What is the process for becoming a Democratic presidential delegate? How do they get to the party’s national convention in Philadelphia?
CCTV’s Jessica Stone introduces you to a Virginia delegate and why it is important to her.
Sue Langley is passionate about politics. After sitting on the sidelines during the contested 2000 U.S. presidential election, she decided to get involved with the Democratic Party. Now, she leads the Fairfax County, Virginia Democrats.
“I grew up poor, and I think one thing I value is to help people. I got… you know, some other people helped me along the way …and I thought that it’s something we have to do,” Langley said.
In 2008, as a delegate to the national party convention, Sue helped Hillary Clinton campaign for president. Four years later, she was a national delegate helping elect President Barack Obama – for a second term.
Sue knows that food and phone calls are key ingredients in a campaign. We caught up with her as she tried to convince fellow Democrats to make her an at-large delegate at the Democratic Party’s 2016 national convention. She’s supporting Clinton again.
Originally from Thailand, Sue believes in reforming the American immigration system.
“I believe that we do need to secure our border. It’s a federal issue, and that’s an issue that is aware of. But you know building a wall and that sort of thing. That is really not something that I believe in.”
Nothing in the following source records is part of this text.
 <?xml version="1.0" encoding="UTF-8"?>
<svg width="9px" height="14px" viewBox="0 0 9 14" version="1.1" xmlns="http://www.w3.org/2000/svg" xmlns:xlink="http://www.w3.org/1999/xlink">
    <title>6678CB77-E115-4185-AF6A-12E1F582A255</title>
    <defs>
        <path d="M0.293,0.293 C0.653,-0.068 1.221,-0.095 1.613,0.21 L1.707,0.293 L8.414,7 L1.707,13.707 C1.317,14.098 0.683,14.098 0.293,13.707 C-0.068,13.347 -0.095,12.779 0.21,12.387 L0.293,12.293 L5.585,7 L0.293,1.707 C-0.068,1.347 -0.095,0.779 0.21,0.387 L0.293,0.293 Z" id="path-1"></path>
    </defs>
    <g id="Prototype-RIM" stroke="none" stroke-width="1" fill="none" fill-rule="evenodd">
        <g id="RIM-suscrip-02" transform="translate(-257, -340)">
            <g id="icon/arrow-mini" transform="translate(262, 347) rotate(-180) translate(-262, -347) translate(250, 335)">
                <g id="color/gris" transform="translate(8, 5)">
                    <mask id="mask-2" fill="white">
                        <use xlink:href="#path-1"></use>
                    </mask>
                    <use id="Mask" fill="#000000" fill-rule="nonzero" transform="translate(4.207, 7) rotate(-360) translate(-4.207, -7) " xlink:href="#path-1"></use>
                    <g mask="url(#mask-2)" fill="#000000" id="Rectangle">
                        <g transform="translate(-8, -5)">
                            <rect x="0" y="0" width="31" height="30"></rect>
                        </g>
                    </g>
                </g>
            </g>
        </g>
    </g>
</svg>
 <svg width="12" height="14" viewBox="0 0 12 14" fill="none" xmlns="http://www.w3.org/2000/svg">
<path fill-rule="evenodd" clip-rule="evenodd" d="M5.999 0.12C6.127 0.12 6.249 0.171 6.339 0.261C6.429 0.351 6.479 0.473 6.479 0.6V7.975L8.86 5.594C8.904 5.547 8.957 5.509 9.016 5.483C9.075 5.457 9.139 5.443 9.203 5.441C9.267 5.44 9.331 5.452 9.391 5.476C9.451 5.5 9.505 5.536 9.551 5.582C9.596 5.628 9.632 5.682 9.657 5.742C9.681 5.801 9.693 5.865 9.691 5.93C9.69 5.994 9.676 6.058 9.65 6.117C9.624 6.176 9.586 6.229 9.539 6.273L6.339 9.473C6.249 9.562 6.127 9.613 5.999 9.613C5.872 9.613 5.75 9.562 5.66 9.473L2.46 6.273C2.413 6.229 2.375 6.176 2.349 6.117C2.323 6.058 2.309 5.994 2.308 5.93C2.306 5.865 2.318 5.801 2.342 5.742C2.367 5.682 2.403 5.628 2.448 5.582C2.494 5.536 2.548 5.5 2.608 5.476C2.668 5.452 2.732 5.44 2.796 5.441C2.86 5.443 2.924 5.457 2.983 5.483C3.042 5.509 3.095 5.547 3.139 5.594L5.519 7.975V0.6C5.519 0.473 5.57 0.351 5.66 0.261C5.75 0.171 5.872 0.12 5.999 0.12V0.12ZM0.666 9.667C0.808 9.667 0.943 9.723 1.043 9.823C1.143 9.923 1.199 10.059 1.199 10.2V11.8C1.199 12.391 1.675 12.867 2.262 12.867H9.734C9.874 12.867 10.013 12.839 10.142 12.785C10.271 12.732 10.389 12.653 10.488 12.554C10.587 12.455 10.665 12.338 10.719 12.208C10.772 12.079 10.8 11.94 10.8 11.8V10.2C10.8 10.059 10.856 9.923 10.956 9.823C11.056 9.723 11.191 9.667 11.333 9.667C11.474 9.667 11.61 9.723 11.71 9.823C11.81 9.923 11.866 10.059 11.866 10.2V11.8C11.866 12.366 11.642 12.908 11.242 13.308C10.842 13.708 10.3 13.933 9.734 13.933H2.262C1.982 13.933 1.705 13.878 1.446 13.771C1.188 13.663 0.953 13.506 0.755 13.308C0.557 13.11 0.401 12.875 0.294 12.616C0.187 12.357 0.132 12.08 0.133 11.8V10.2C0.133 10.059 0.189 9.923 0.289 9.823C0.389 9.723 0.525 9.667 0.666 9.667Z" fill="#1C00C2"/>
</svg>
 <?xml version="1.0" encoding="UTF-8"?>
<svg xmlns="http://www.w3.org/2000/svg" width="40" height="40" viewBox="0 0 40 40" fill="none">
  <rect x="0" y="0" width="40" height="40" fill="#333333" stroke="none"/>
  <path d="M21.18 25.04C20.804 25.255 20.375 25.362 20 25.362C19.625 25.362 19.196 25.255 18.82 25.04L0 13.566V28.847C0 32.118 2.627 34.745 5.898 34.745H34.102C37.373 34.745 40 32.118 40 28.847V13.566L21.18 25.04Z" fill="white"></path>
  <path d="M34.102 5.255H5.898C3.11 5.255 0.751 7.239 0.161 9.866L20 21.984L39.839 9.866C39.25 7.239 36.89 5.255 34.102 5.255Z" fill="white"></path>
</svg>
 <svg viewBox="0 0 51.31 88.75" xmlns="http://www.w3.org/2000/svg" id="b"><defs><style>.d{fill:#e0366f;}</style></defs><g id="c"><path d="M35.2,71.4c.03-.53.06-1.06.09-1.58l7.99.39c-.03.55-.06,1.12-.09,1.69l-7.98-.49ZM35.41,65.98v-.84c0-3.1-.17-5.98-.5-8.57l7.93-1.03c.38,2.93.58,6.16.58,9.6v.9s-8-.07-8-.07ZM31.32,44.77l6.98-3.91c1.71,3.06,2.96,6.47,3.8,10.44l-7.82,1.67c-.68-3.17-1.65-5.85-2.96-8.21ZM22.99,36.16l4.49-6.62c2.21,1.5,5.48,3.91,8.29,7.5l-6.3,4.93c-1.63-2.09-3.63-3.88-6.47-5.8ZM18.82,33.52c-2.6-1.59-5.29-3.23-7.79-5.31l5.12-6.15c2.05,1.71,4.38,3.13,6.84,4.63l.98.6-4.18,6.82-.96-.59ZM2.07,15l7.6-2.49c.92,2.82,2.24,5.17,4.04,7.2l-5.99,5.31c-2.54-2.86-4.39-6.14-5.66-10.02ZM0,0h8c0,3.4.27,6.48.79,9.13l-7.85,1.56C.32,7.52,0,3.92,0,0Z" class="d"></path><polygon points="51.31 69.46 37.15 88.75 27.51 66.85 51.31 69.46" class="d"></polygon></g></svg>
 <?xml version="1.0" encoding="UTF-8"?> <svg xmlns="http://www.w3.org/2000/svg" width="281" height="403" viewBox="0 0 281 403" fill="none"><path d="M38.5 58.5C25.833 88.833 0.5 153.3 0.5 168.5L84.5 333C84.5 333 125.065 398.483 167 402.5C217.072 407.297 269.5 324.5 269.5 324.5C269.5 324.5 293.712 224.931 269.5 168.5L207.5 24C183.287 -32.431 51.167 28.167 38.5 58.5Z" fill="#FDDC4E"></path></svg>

Sue says her biggest selling point is her influence with voters here in Fairfax, Virginia. It’s the most populous part of the state, a key swing state for the presidential candidates in November.
She hopes to use that influence to unify Democrats behind Hillary Clinton.
“My opinion is not beating Sanders’ supporters. My opinion is to beat Donald Trump!”
That spirit led Sue to victory at the party’s state convention in mid-June. She says getting to cast her delegate vote for Hillary at the party’s national convention will be a privilege.